BTW 5 of the Judges are Republicans. Marriage is a basic civil right that should be attainable by all Americans if they choose. If you have a problem with that check out our short. Produced to educate & defuse the controversy it has a way of opening closed minds & provides some sanity on the issue: http://www.OUTTAKEonline.com
Sentences in the following paragraph from Wikipedia:
The concept of Judicial Review was laid out by Hamilton in Federalist No. 78. The idea that courts could declare statutes void waxed and then waned in England, but it was well known in the American colonies and in the bars of young states. It is found in Chief Justice Edward Coke’s 1610 opinion in Dr. Bonham’s Case, 8 Co. Rep. 107a. That decision arose under a statute of Parliament enabling the London College of Physicians to levy fines against anyone who violated their rules. The doctrine was specifically enshrined in some state constitutions, and by 1803 it had been employed in both State and Federal courts in actions dealing with state statutes, but only insofar as the statutes conflicted with the language of state constitutions.

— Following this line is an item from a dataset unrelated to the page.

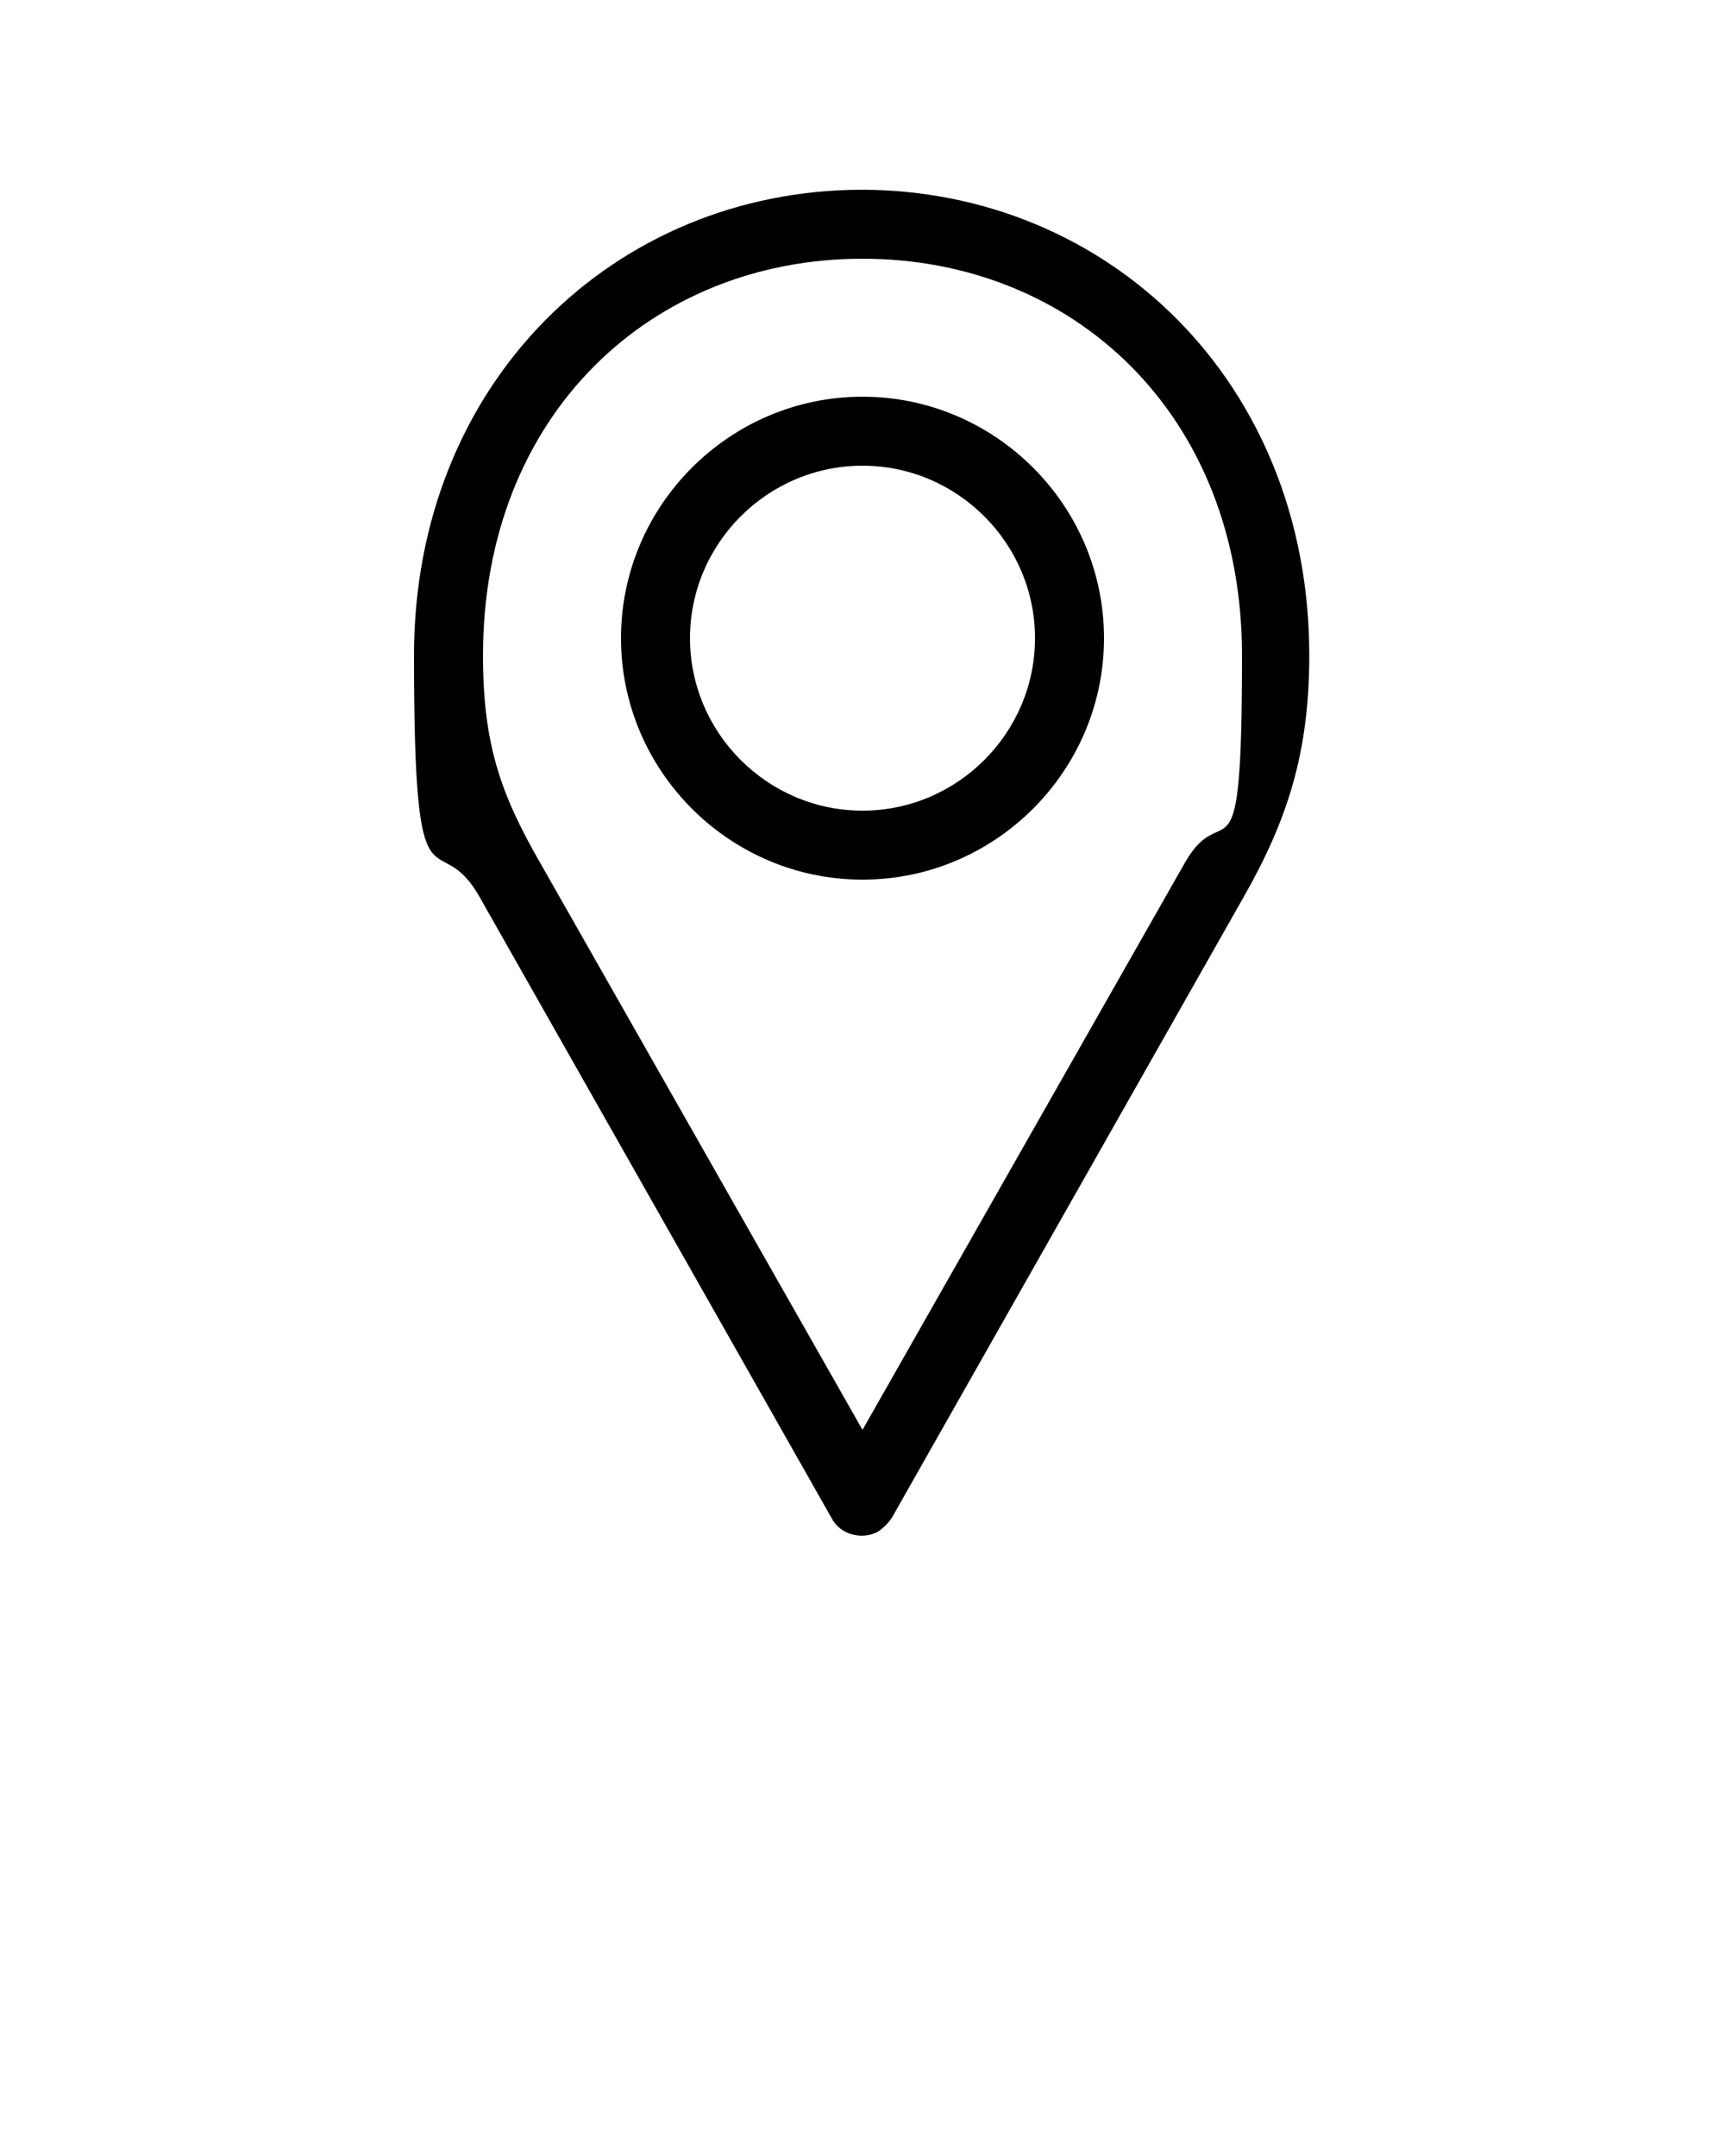 <svg viewBox="0 0 100 125" version="1.1" xmlns="http://www.w3.org/2000/svg" id="Layer_1">
  
  <path d="M50,11c-14.3,0-26,11.1-26,27s1.3,9.6,3.8,14l20.4,36c.5,1,1.8,1.3,2.7.8.3-.2.6-.5.8-.8l20.4-36c2.5-4.4,3.8-8.3,3.8-14,0-15.9-11.7-27-26-27ZM50,15c12.2,0,22,9,22,23s-1,8-3.3,12l-18.7,32.9-18.7-32.9c-2.3-4-3.3-6.9-3.3-12,0-14,9.8-23,22-23ZM50,23c-7.7,0-14,6.3-14,14s6.3,14,14,14,14-6.3,14-14-6.3-14-14-14ZM50,27c5.5,0,10,4.5,10,10s-4.5,10-10,10-10-4.5-10-10,4.5-10,10-10Z"></path>
</svg>

I suppose if you think there is a significant difference in principle between courts voiding state statutes that they deem to be in conflict with state constitutions on the one hand, and federal courts voiding federal statutes that they deem to be in conflict with the federal constitution on the other hand, then maybe the federal Judicial Review was Marshall’s idea. Since I don’t think there is a significant difference in principle between state and federal Judicial Review I don’t think we can attribute the federal Judicial Review idea to Marshall. Basically, federal Judicial Review was implied and inevitable absent a provision in the federal constitution that prohibiting it and the Founders were almost certainly aware of this. Turning to Wikipedia again, it says ‘Saikrishna Prakash and John Yoo point out, with respect to the ratification of the Constitution, that “no scholar to date has identified even one participant in the ratification fight who argued that the Constitution did not authorize judicial review of Federal statutes. This silence in the face of the numerous comments on the other side is revealing.”‘
Thanks for the great discussion. I’m busy grading so I can’t respond unfortunately.
DOMA definitely has an influence in the Full Faith and Credit issue of equal marriage rights. The right of a state to refuse to recognize such institutions as marriages that are recognized by other states is dependent on the refusing state having an established public policy contrary to the institution whose validity it refuses to acknowledge.
That is, in the absence of DOMA, Alabama would have no problem rejecting marriages from Massachusetts or California because Alabaman public policy is clearly against such recognition. The same could not be said so clearly of, say, Maryland, where the legislative session ended this spring with the Legislature considering four different proposals concerning marriage.
But DOMA changes all that. DOMA establishes a “guilty until proven innocent” assumption that all states do not support equal marriage for same-sex couples unless they explicitly pass public policy saying otherwise. While DOMA does not void the Full Faith and Credit clause in this case, it renders it moot. repealing the anti-federalist DOMA would do nothing to threaten states like Alabama and Hawaii, and would allow the states to once again determine their own destinies while exerting political pressure on “undecided” states like Maryland.